His kiss deepened as he pressed more memories into her lips; how she'd heated him as he'd heated her, coaxed the hungry lust to her eyes, had her writhing eagerly beneath him and bucking against his hips. He wasn't sure how much time had passed since he started, but he broke away with a quiet gasp, panting with his face resting against hers. He couldn't ask her to stay. He couldn't. It wouldn't be fair to her. She deserved someone who wasn't such a threat to her life. But could he let her go and still survive? He wasn't sure. Had never had to test it.

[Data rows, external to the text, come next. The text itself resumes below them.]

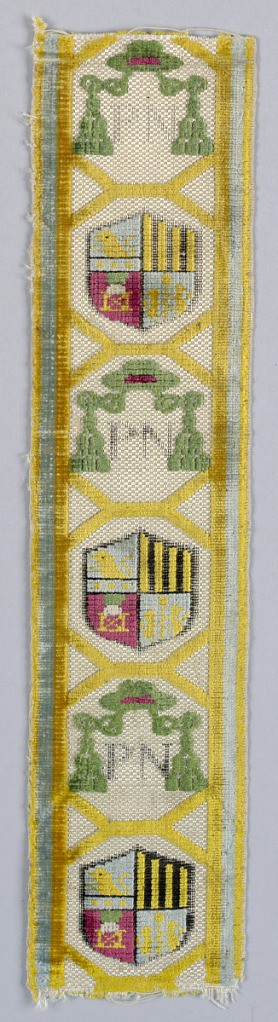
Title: Livery trimmings
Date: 18th century
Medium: silk Technique: cut and uncut supplementary warp pile (velvet) in a woven foundation
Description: Trimmings for coach or livery woven in multicolored velvet in a design designated for bishops. Green galero (hat) with tassels alternates with a heraldic shield. The initials "PN" appear between the tassels.
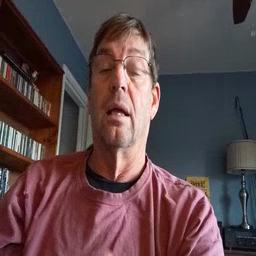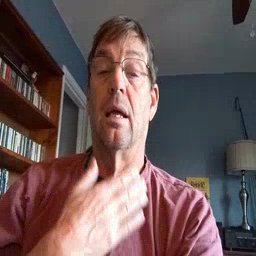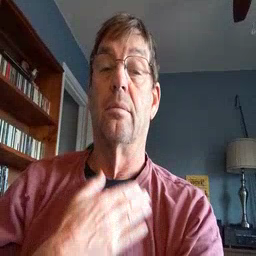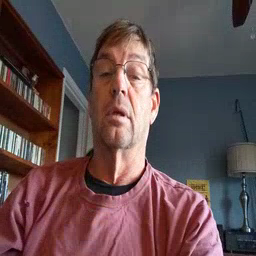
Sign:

He kissed her again, brief and hungry. Afraid? He might die.
And then again, desperate and firm. She would live.
Damn, he needed to leave. Had to get away. Danger. His body ached, his teeth throbbed, his skin felt tight. She smelled so good. Tasted so good. When he finally opened his eyes, they were bright and silver and gleaming. Sharp, penetrating, demanding. Pained and furious, he turned away. The beast turned from his favorite feast and let her live. Again.